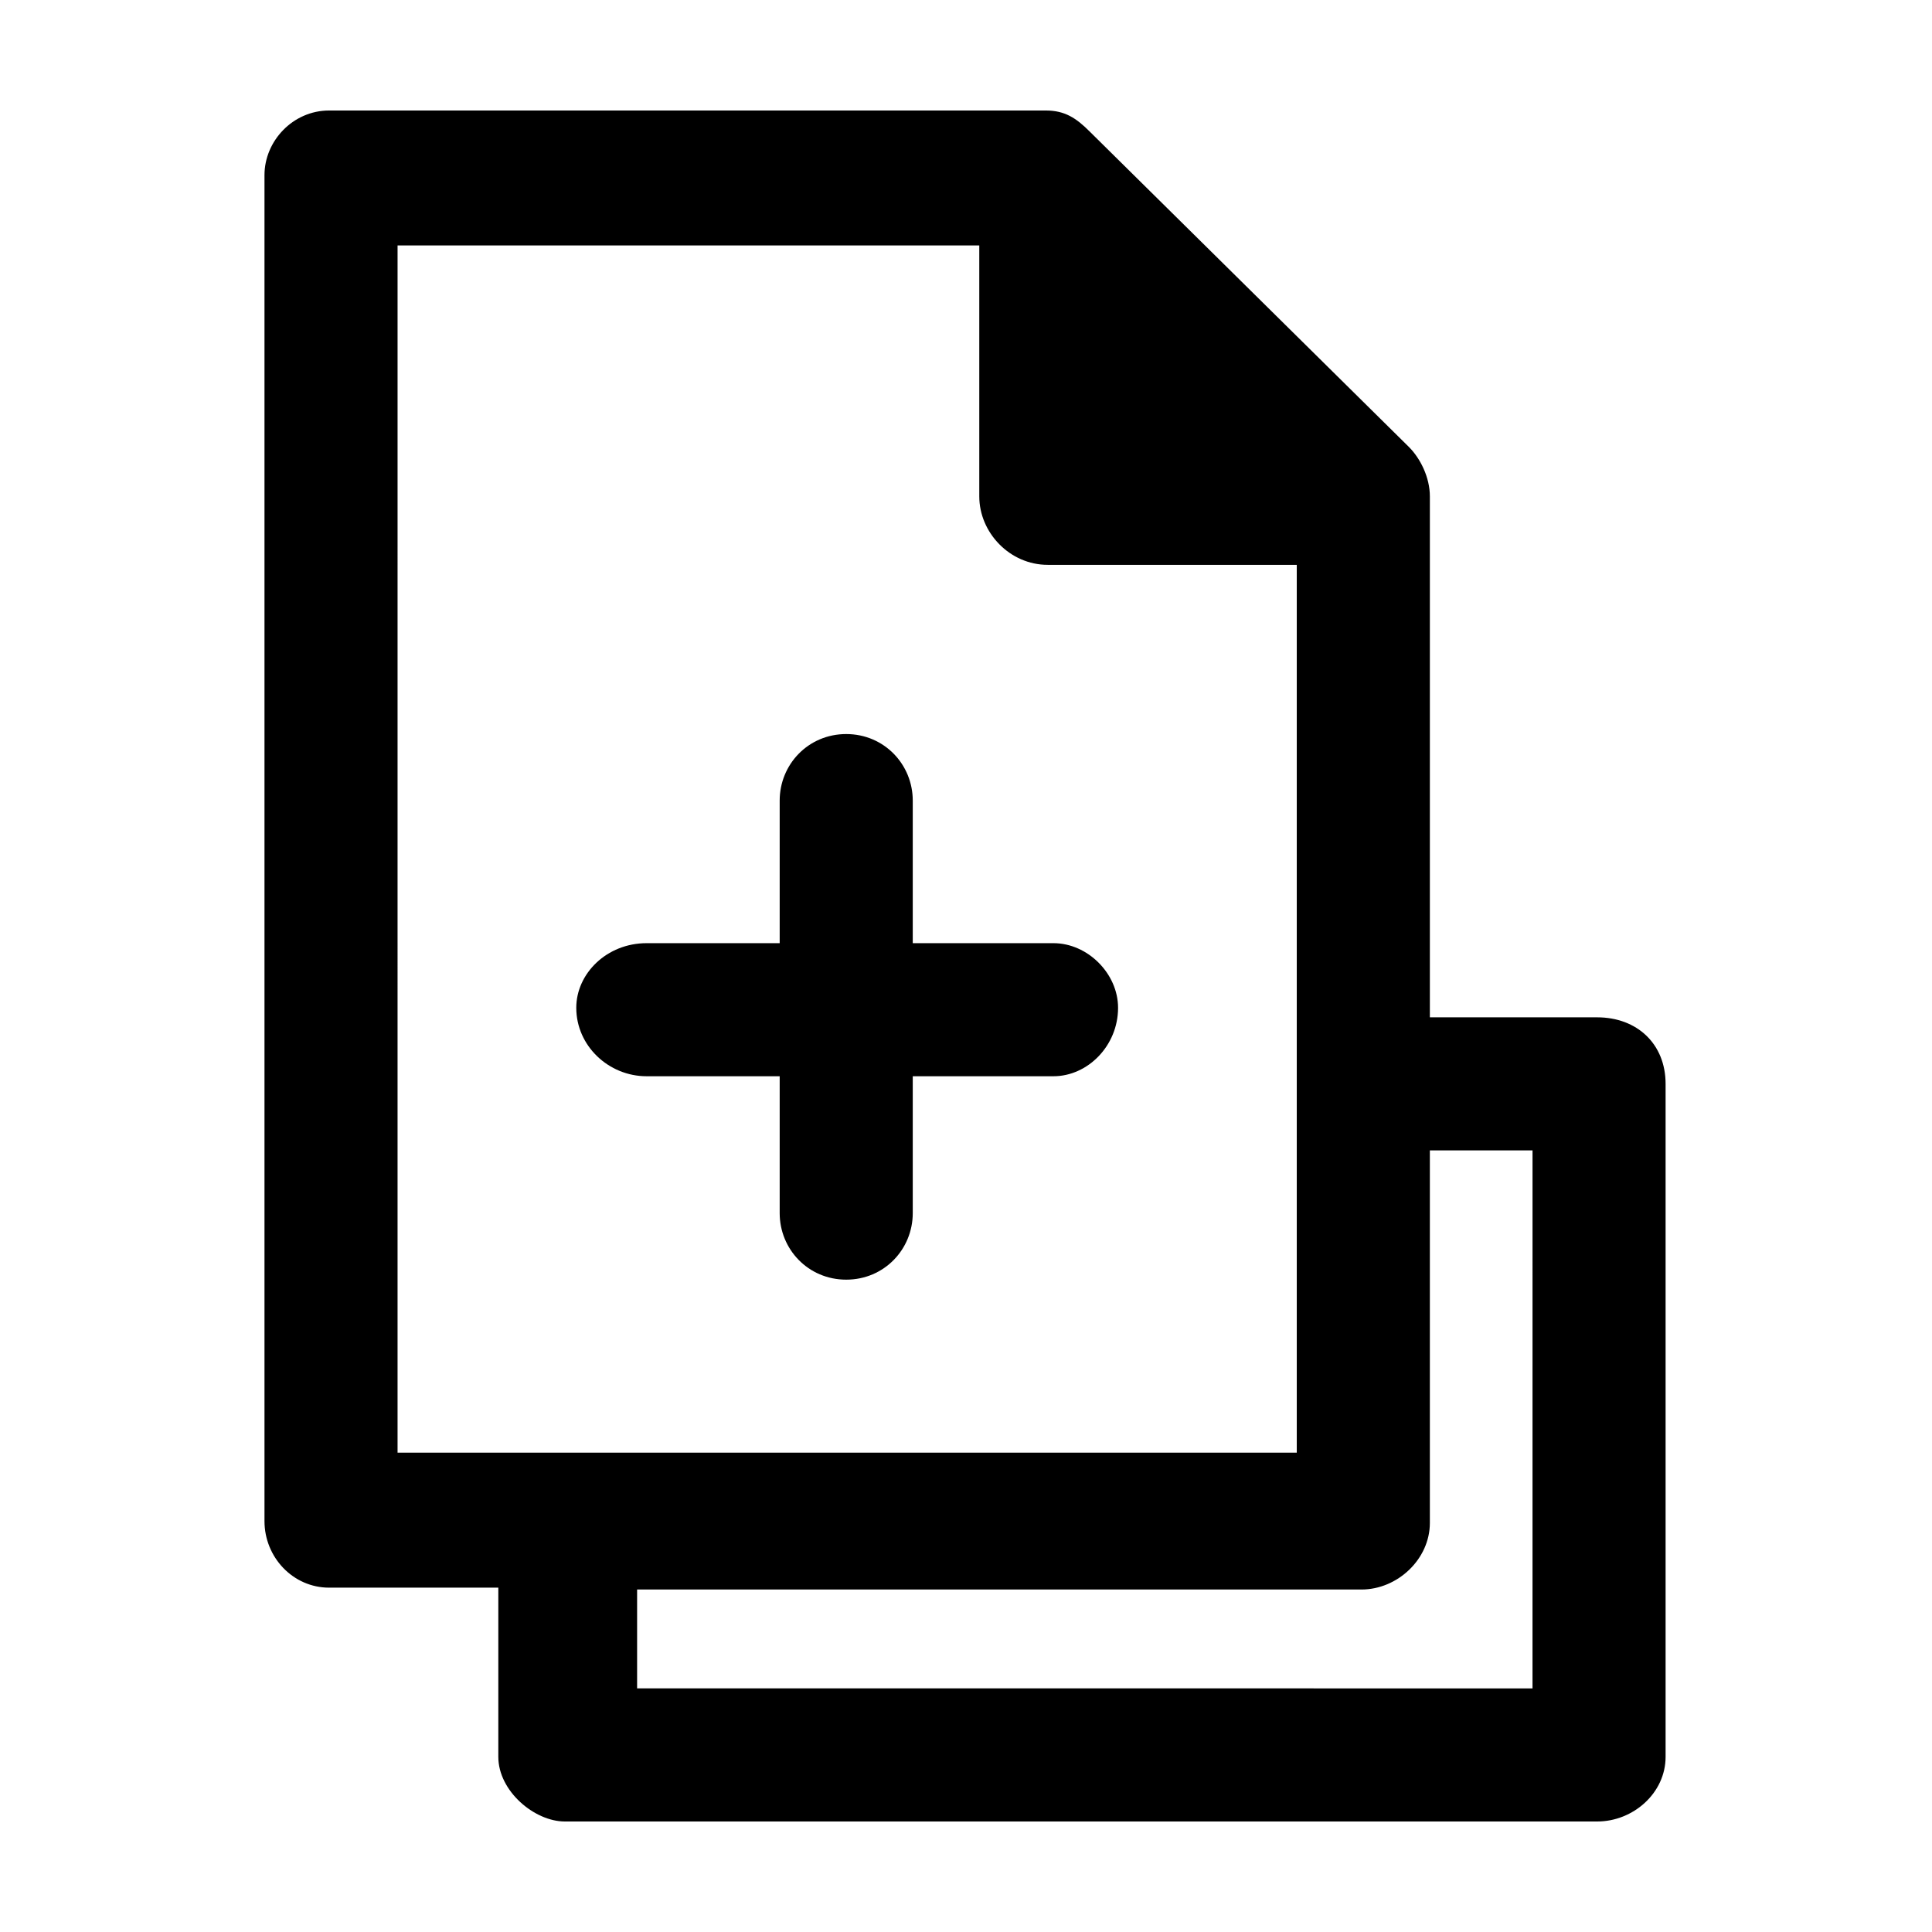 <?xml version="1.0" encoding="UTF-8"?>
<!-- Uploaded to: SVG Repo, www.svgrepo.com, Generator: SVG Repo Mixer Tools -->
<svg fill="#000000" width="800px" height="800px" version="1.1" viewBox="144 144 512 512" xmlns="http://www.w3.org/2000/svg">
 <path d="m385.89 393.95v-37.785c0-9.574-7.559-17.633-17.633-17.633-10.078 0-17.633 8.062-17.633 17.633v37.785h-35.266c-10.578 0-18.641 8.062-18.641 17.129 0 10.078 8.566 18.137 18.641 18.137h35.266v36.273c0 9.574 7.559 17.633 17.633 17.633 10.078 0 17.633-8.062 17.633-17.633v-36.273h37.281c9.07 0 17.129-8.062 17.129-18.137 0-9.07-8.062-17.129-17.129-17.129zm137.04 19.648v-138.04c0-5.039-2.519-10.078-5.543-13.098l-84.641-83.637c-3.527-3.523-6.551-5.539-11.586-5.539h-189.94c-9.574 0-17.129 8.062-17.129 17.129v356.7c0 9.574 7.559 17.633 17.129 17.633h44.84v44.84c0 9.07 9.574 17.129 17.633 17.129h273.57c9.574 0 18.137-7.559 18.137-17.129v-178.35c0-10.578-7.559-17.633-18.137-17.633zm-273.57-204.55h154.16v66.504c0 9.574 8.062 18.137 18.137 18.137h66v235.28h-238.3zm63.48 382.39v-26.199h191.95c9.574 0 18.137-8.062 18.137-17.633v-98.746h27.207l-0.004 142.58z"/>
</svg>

▶ [WHAT TO WORK ON]:
Restate the records above exactly, less any pictures.

▶ [ANSWER TO THE PROBLEM]:
 <?xml version="1.0" encoding="UTF-8"?>
<!-- Uploaded to: SVG Repo, www.svgrepo.com, Generator: SVG Repo Mixer Tools -->
<svg fill="#000000" width="800px" height="800px" version="1.1" viewBox="144 144 512 512" xmlns="http://www.w3.org/2000/svg">
 <path d="m385.89 393.95v-37.785c0-9.574-7.559-17.633-17.633-17.633-10.078 0-17.633 8.062-17.633 17.633v37.785h-35.266c-10.578 0-18.641 8.062-18.641 17.129 0 10.078 8.566 18.137 18.641 18.137h35.266v36.273c0 9.574 7.559 17.633 17.633 17.633 10.078 0 17.633-8.062 17.633-17.633v-36.273h37.281c9.07 0 17.129-8.062 17.129-18.137 0-9.07-8.062-17.129-17.129-17.129zm137.04 19.648v-138.04c0-5.039-2.519-10.078-5.543-13.098l-84.641-83.637c-3.527-3.523-6.551-5.539-11.586-5.539h-189.94c-9.574 0-17.129 8.062-17.129 17.129v356.7c0 9.574 7.559 17.633 17.129 17.633h44.84v44.84c0 9.07 9.574 17.129 17.633 17.129h273.57c9.574 0 18.137-7.559 18.137-17.129v-178.35c0-10.578-7.559-17.633-18.137-17.633zm-273.57-204.55h154.16v66.504c0 9.574 8.062 18.137 18.137 18.137h66v235.28h-238.3zm63.48 382.39v-26.199h191.95c9.574 0 18.137-8.062 18.137-17.633v-98.746h27.207l-0.004 142.58z"/>
</svg>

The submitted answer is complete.